*What is expected:*
Starting at the first line of the entries, extract each line up to and including the one that contains "141.296L20.024 153.272L14.855 153.449L14.506", but leave out the pictures.

*Extracted data:*
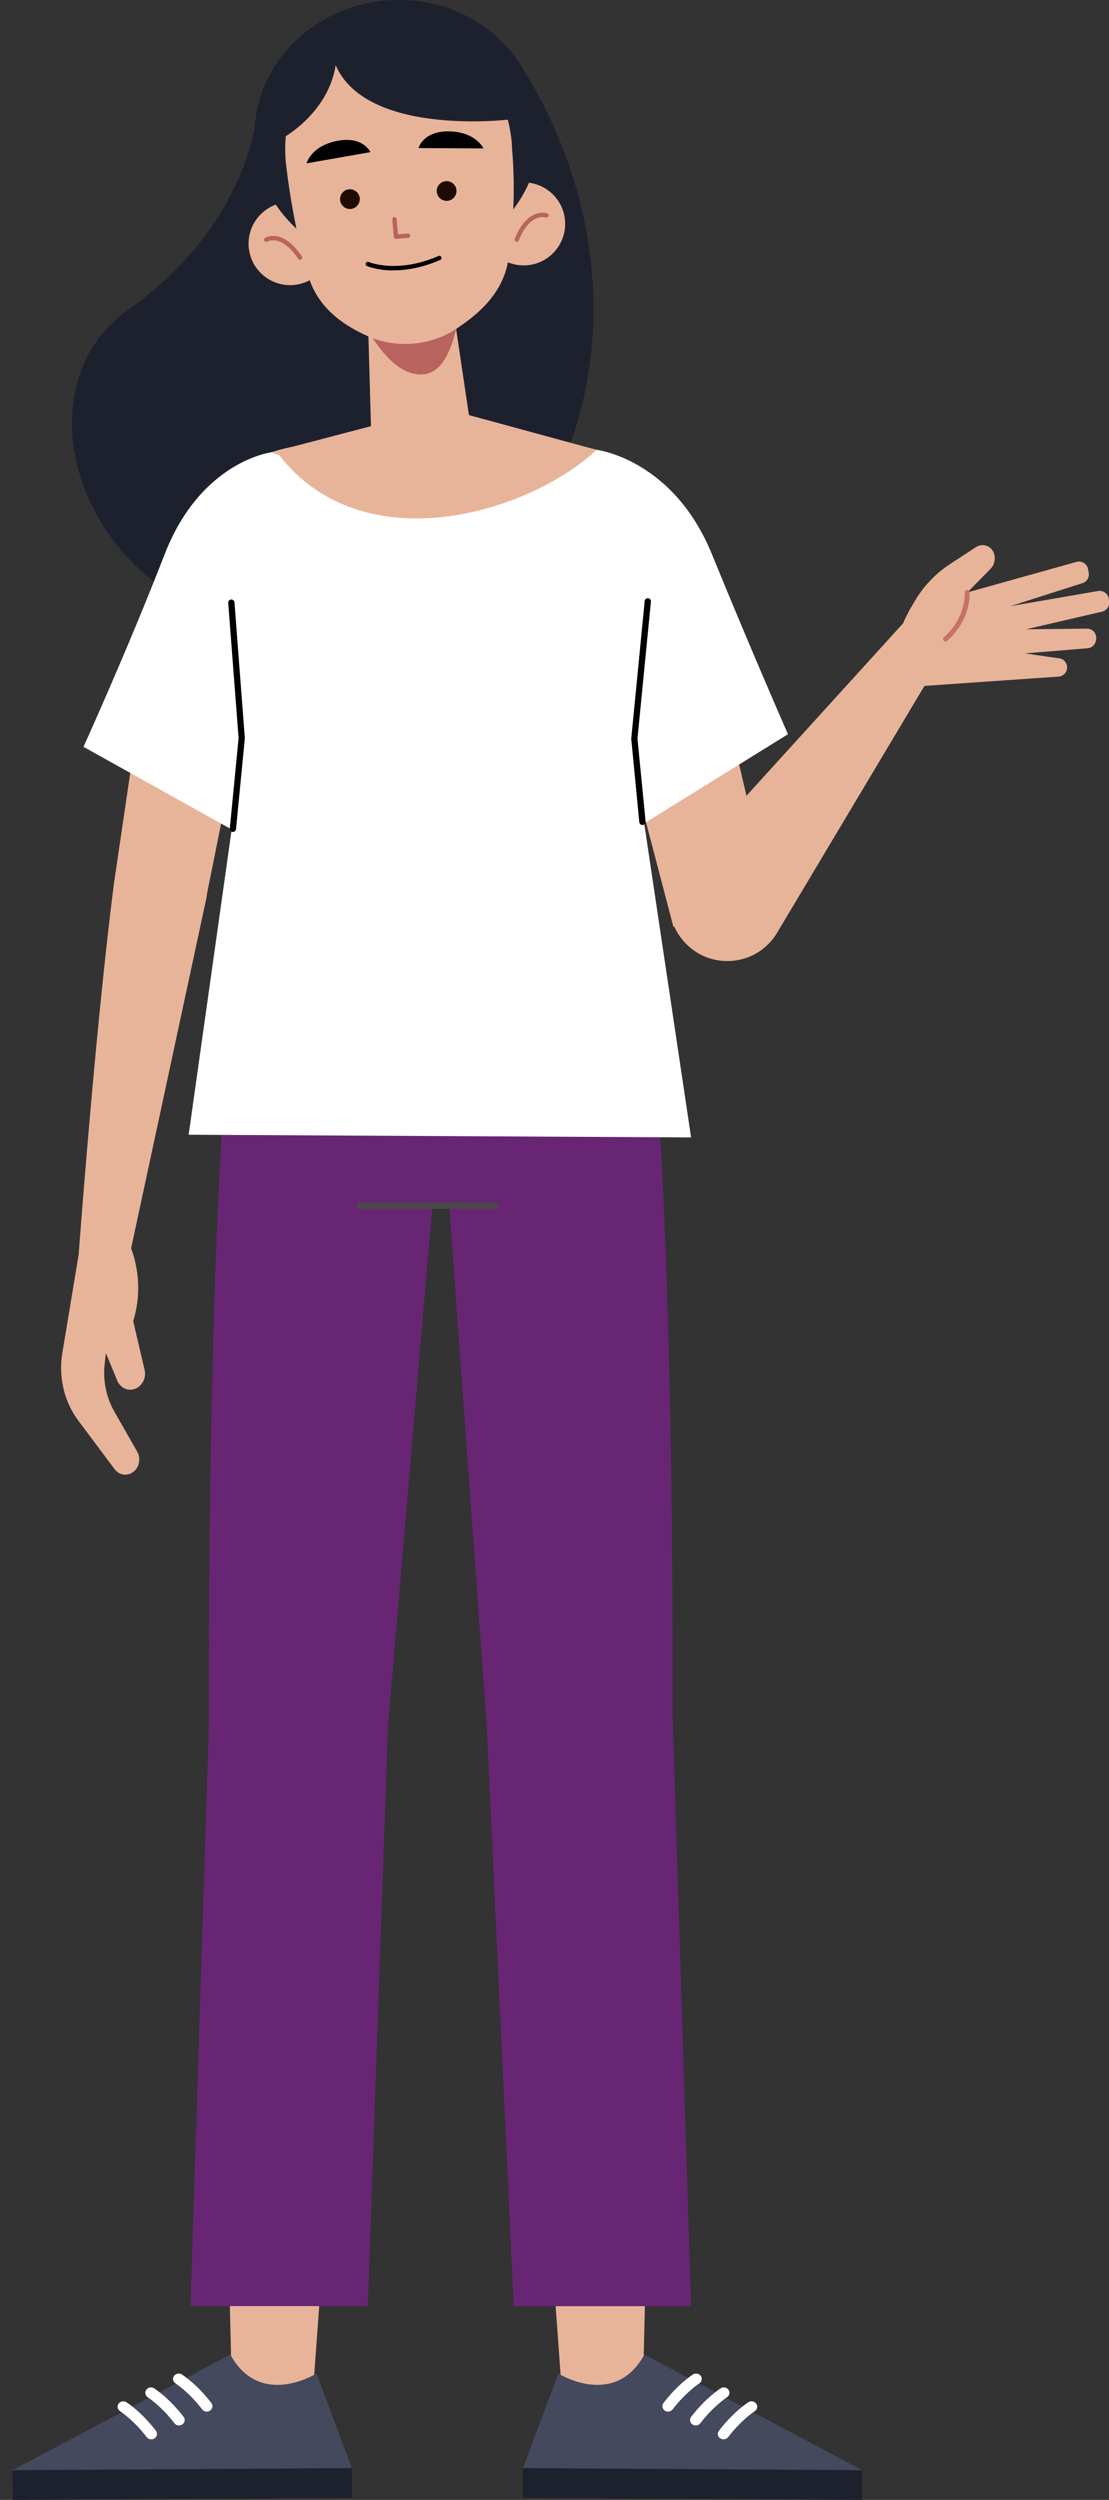 <svg width="71" height="160" viewBox="0 0 71 160" fill="none" xmlns="http://www.w3.org/2000/svg">
<rect x="0" y="0" width="71" height="160" fill="#333333" stroke="none"/>
<g clip-path="url(#clip0_736_14288)">
<path d="M20.894 141.296L20.024 153.272L14.855 153.449L14.506 138.687L20.894 141.296Z" fill="#E8B499"/>
<path d="M20.259 151.911C20.259 151.911 16.649 154.18 14.746 150.697L0.795 158.101L22.524 157.966L20.259 151.911Z" fill="#44495D"/>
<path d="M22.527 157.969L0.798 158.102L0.809 160.001L22.538 159.868L22.527 157.969Z" fill="#1D212E"/>
<path d="M13.094 154.319C13.036 154.294 12.985 154.256 12.943 154.205C12.098 153.1 11.25 152.554 11.241 152.545C11.073 152.44 11.027 152.222 11.14 152.066C11.254 151.907 11.481 151.869 11.645 151.97C11.682 151.995 12.603 152.583 13.531 153.798C13.649 153.953 13.611 154.172 13.452 154.281C13.342 154.357 13.208 154.365 13.094 154.319Z" fill="white"/>
<path d="M11.317 155.205C11.258 155.18 11.208 155.142 11.166 155.092C10.321 153.987 9.472 153.44 9.464 153.432C9.296 153.327 9.25 153.109 9.363 152.953C9.472 152.793 9.703 152.751 9.867 152.856C9.905 152.882 10.825 153.47 11.754 154.684C11.872 154.84 11.838 155.058 11.674 155.168C11.565 155.243 11.431 155.252 11.317 155.205Z" fill="white"/>
<path d="M9.544 156.096C9.485 156.071 9.434 156.033 9.392 155.983C8.548 154.878 7.699 154.331 7.69 154.323C7.522 154.218 7.476 153.999 7.59 153.844C7.699 153.684 7.93 153.642 8.094 153.747C8.132 153.772 9.052 154.361 9.981 155.575C10.098 155.731 10.065 155.949 9.901 156.058C9.792 156.134 9.657 156.142 9.544 156.096Z" fill="white"/>
<path d="M35.114 141.296L35.984 153.272L41.148 153.449L41.497 138.687L35.114 141.296Z" fill="#E8B499"/>
<path d="M35.744 151.911C35.744 151.911 39.354 154.18 41.257 150.697L55.208 158.101L33.479 157.966L35.744 151.911Z" fill="#44495D"/>
<path d="M33.479 157.968L33.467 159.868L55.196 160L55.208 158.101L33.479 157.968Z" fill="#1D212E"/>
<path d="M42.913 154.319C42.972 154.294 43.022 154.256 43.064 154.205C43.909 153.1 44.758 152.554 44.766 152.545C44.934 152.44 44.98 152.222 44.867 152.066C44.754 151.907 44.527 151.869 44.363 151.97C44.325 151.995 43.405 152.583 42.476 153.798C42.358 153.953 42.396 154.172 42.556 154.281C42.665 154.357 42.8 154.365 42.913 154.319Z" fill="white"/>
<path d="M44.686 155.205C44.745 155.18 44.795 155.142 44.837 155.092C45.682 153.987 46.531 153.44 46.539 153.432C46.707 153.327 46.754 153.109 46.64 152.953C46.531 152.793 46.3 152.751 46.136 152.856C46.098 152.882 45.178 153.47 44.249 154.684C44.132 154.84 44.165 155.058 44.329 155.168C44.438 155.243 44.573 155.252 44.686 155.205Z" fill="white"/>
<path d="M46.464 156.096C46.522 156.071 46.573 156.033 46.615 155.983C47.459 154.878 48.308 154.331 48.317 154.323C48.485 154.218 48.531 153.999 48.417 153.844C48.308 153.684 48.077 153.642 47.913 153.747C47.875 153.772 46.955 154.361 46.026 155.575C45.909 155.731 45.942 155.949 46.106 156.058C46.216 156.134 46.35 156.142 46.464 156.096Z" fill="white"/>
<path d="M41.463 63.271C41.463 63.271 43.123 73.701 43.068 110.007L44.245 147.6H32.891L31.16 110.39L28.76 77.164H24.281V63.271H41.459H41.463Z" fill="#682574"/>
<path d="M14.977 63.271C14.977 63.271 13.317 74.121 13.372 110.423L12.195 147.595H23.549L24.844 110.385L27.68 77.159H32.16V63.267H14.977V63.271Z" fill="#682574"/>
<path d="M16.33 7.929C16.33 7.929 15.671 14.535 8.174 19.855C0.182 25.524 6.136 41.214 20.818 40.483C36.765 39.689 43.379 19.204 32.979 3.643L16.334 7.929H16.33Z" fill="#1D212E"/>
<path d="M21.209 15.296C21.373 16.754 20.326 18.069 18.868 18.233C17.41 18.397 16.095 17.351 15.931 15.892C15.767 14.434 16.813 13.119 18.271 12.955C19.73 12.791 21.045 13.838 21.209 15.296Z" fill="#E8B499"/>
<path d="M19.204 16.628C19.158 16.628 19.116 16.607 19.087 16.565C18.024 14.964 17.145 15.443 17.108 15.464C17.04 15.502 16.956 15.481 16.919 15.413C16.881 15.346 16.902 15.262 16.969 15.224C17.015 15.195 18.104 14.577 19.322 16.409C19.364 16.472 19.347 16.561 19.284 16.603C19.259 16.619 19.234 16.628 19.209 16.628H19.204Z" fill="#B9635E"/>
<path d="M30.878 14.552C31 16.014 32.286 17.098 33.748 16.977C35.21 16.855 36.294 15.569 36.173 14.107C36.051 12.644 34.765 11.56 33.303 11.682C31.84 11.804 30.756 13.089 30.878 14.552Z" fill="#E8B499"/>
<path d="M33.08 15.472C33.08 15.472 33.046 15.472 33.03 15.46C32.958 15.43 32.925 15.35 32.954 15.279C33.79 13.241 34.979 13.64 35.03 13.657C35.101 13.682 35.139 13.762 35.114 13.833C35.089 13.905 35.009 13.943 34.937 13.917C34.895 13.905 33.937 13.606 33.21 15.384C33.189 15.438 33.135 15.472 33.08 15.472Z" fill="#B9635E"/>
<path d="M26.146 17.023C31.174 16.598 34.928 12.45 34.531 7.758C34.135 3.066 29.738 -0.394 24.71 0.031C19.683 0.456 15.929 4.604 16.325 9.296C16.722 13.988 21.119 17.448 26.146 17.023Z" fill="#1D212E"/>
<path d="M29.046 20.027C29.046 20.027 27.991 21.174 26.97 21.523C25.949 21.868 24.865 21.166 24.852 21.158C24.84 21.149 23.554 20.347 23.554 20.347L23.802 29.096L23.949 29.23C25.882 30.986 28.437 30.797 30.067 28.776L30.306 28.482L29.05 20.032L29.046 20.027Z" fill="#E8B499"/>
<path d="M22.629 19.262C22.629 19.262 24.529 24.229 27.142 23.956C29.294 23.734 29.491 18.939 29.491 18.939L22.629 19.262Z" fill="#B9635E"/>
<path d="M32.773 9.409C33.03 12.27 32.824 14.779 32.555 16.569C32.29 18.321 31.223 19.628 29.651 20.742L29.365 20.943C27.701 22.12 25.432 22.347 23.562 21.523C21.675 20.691 20.297 19.498 19.747 17.691C18.742 14.405 18.335 10.703 18.335 10.703C18.335 10.703 17.078 3.009 24.878 2.454C32.681 1.895 32.778 9.409 32.778 9.409H32.773Z" fill="#E8B499"/>
<path d="M25.348 15.287C25.276 15.287 25.217 15.233 25.209 15.161L25.116 14.043C25.108 13.968 25.167 13.901 25.243 13.892C25.318 13.884 25.386 13.943 25.394 14.018L25.478 14.997L26.104 14.947C26.18 14.938 26.247 14.997 26.255 15.073C26.264 15.149 26.205 15.216 26.129 15.224L25.364 15.287C25.364 15.287 25.356 15.287 25.352 15.287H25.348Z" fill="#B9635E"/>
<path d="M19.625 10.455L23.713 9.736C23.713 9.736 23.255 8.698 21.604 9.014C19.915 9.333 19.625 10.455 19.625 10.455Z" fill="black"/>
<path d="M30.949 9.501L26.797 9.476C26.797 9.476 27.075 8.379 28.756 8.408C30.474 8.442 30.949 9.497 30.949 9.497V9.501Z" fill="black"/>
<path d="M23.032 12.69C23.062 13.039 22.801 13.346 22.457 13.375C22.112 13.405 21.801 13.144 21.772 12.8C21.742 12.455 22.003 12.144 22.348 12.115C22.696 12.085 23.003 12.346 23.032 12.69Z" fill="#1E0B02"/>
<path d="M29.222 12.169C29.252 12.518 28.991 12.825 28.647 12.854C28.302 12.884 27.991 12.623 27.962 12.278C27.932 11.934 28.193 11.623 28.537 11.594C28.886 11.564 29.193 11.825 29.222 12.169Z" fill="#1E0B02"/>
<path d="M25.192 17.308C24.159 17.308 23.541 17.048 23.499 17.027C23.427 16.998 23.398 16.913 23.427 16.842C23.457 16.771 23.541 16.741 23.612 16.771C23.629 16.779 25.427 17.535 28.075 16.384C28.146 16.351 28.226 16.384 28.256 16.456C28.285 16.527 28.256 16.607 28.184 16.636C26.995 17.153 25.974 17.304 25.192 17.304V17.308Z" fill="black"/>
<path d="M32.622 7.648C32.622 7.648 21.188 9.047 21.104 2.278C21.104 2.278 30.861 -1.399 32.622 7.648Z" fill="#1D212E"/>
<path d="M18.003 8.892C18.003 8.892 21.89 6.866 21.541 2.736C21.541 2.736 17.452 3.559 18.003 8.892Z" fill="#1D212E"/>
<path d="M31.735 77.361H23.028C22.919 77.361 22.827 77.273 22.827 77.159C22.827 77.046 22.915 76.958 23.028 76.958H31.735C31.844 76.958 31.937 77.046 31.937 77.159C31.937 77.273 31.849 77.361 31.735 77.361Z" fill="#494949"/>
<path d="M13.208 57.506L8.292 80.37L5.043 80.202C5.043 80.202 6.081 66.057 7.287 56.598C7.481 55.098 9.414 53.875 10.893 54.186C12.28 54.476 13.498 56.119 13.208 57.506Z" fill="#E8B499"/>
<path d="M7.913 78.857C7.913 78.857 9.514 81.362 8.527 84.555L9.258 87.673C9.371 88.156 9.136 88.665 8.708 88.862C8.241 89.077 7.712 88.854 7.506 88.362L6.779 86.602L6.703 87.274C6.581 88.346 6.796 89.421 7.312 90.329L8.787 92.917C8.955 93.212 8.96 93.585 8.8 93.888C8.489 94.476 7.733 94.556 7.342 94.035L5.01 90.917C4.106 89.707 3.732 88.127 3.993 86.581L5.375 78.26L7.926 78.857H7.913Z" fill="#E8B499"/>
<path d="M7.287 56.598L10.17 37.054L16.872 39.235L13.136 57.775L7.287 56.598Z" fill="#E8B499"/>
<path d="M17.393 28.944C17.393 28.944 12.867 29.482 10.54 35.478C8.203 41.509 5.346 47.799 5.346 47.799L15.477 53.447L17.393 28.944Z" fill="white"/>
<path d="M49.132 56.687L44.551 37.054L37.849 39.235L43.114 59.326L49.132 56.687Z" fill="#E8B499"/>
<path d="M38.194 28.789C38.194 28.789 43.089 29.369 45.581 35.478C48.023 41.467 50.447 46.992 50.447 46.992L40.686 53.039L38.198 28.785L38.194 28.789Z" fill="white"/>
<path d="M40.463 29.705C38.727 28.629 35.904 28.36 35.904 28.36L28.054 29.15L20.204 28.36C20.204 28.36 17.381 28.629 15.645 29.705L15.582 47.778L12.078 72.625L44.245 72.798L40.555 48.102L40.463 29.701V29.705Z" fill="white"/>
<path d="M17.393 28.944L26.642 26.515H29.831L38.194 28.793C33.916 32.802 23.301 36.088 17.872 29.133L17.393 28.948V28.944Z" fill="#E8B499"/>
<path d="M14.914 53.245C14.914 53.245 14.901 53.245 14.893 53.245C14.784 53.233 14.704 53.136 14.712 53.027L15.275 47.24L14.611 38.584C14.603 38.475 14.687 38.378 14.796 38.37C14.897 38.361 15.002 38.441 15.011 38.554L15.675 47.245L15.111 53.064C15.103 53.169 15.015 53.245 14.914 53.245Z" fill="black"/>
<path d="M41.127 52.8C41.026 52.8 40.938 52.724 40.929 52.619L40.413 47.278L41.274 38.466C41.287 38.357 41.379 38.281 41.492 38.286C41.602 38.298 41.682 38.395 41.673 38.504L40.812 47.278L41.333 52.581C41.346 52.69 41.261 52.791 41.152 52.8C41.144 52.8 41.14 52.8 41.131 52.8H41.127Z" fill="black"/>
<path d="M57.843 39.865L60.617 41.5L49.716 59.758C48.456 61.788 45.64 62.111 43.947 60.431C42.543 59.031 42.484 56.775 43.816 55.304L57.839 39.87L57.843 39.865Z" fill="#E8B499"/>
<path d="M58.12 39.235L58.54 38.512C59.103 37.542 59.885 36.714 60.831 36.096L62.49 35.012C62.885 34.756 63.415 34.915 63.604 35.344C63.764 35.705 63.688 36.134 63.406 36.416L61.936 37.916L68.907 35.966C69.247 35.861 69.6 36.079 69.659 36.428L69.701 36.663C69.752 36.941 69.596 37.214 69.336 37.311L64.692 38.794L70.264 37.832C70.609 37.752 70.945 37.991 70.987 38.336L71.008 38.508C71.042 38.802 70.848 39.08 70.558 39.147L65.684 40.277L69.571 40.235C69.949 40.218 70.239 40.555 70.176 40.929L70.159 41.004C70.117 41.261 69.911 41.454 69.655 41.487L65.617 41.819L67.73 42.126C68.163 42.126 68.449 42.58 68.26 42.975C68.167 43.164 67.987 43.286 67.785 43.303L57.599 44.009L57.519 41.698C57.49 40.84 57.704 39.983 58.133 39.244L58.12 39.235Z" fill="#E8B499"/>
<path d="M60.536 41.059C60.494 41.059 60.448 41.042 60.419 41.008C60.36 40.946 60.368 40.845 60.431 40.786C61.873 39.5 61.767 37.945 61.763 37.933C61.755 37.844 61.822 37.769 61.906 37.764C61.986 37.76 62.07 37.823 62.074 37.907C62.078 37.979 62.2 39.626 60.637 41.021C60.608 41.046 60.57 41.063 60.532 41.063L60.536 41.059Z" fill="#C47268"/>
</g>
<defs>
<clipPath id="clip0_736_14288">
<rect width="70.205" height="160" fill="white" transform="translate(0.795)"/>
</clipPath>
</defs>
</svg>

*Answer section:*
 <svg width="71" height="160" viewBox="0 0 71 160" fill="none" xmlns="http://www.w3.org/2000/svg">
<rect x="0" y="0" width="71" height="160" fill="#333333" stroke="none"/>
<g clip-path="url(#clip0_736_14288)">
<path d="M20.894 141.296L20.024 153.272L14.855 153.449L14.506 138.687L20.894 141.296Z" fill="#E8B499"/>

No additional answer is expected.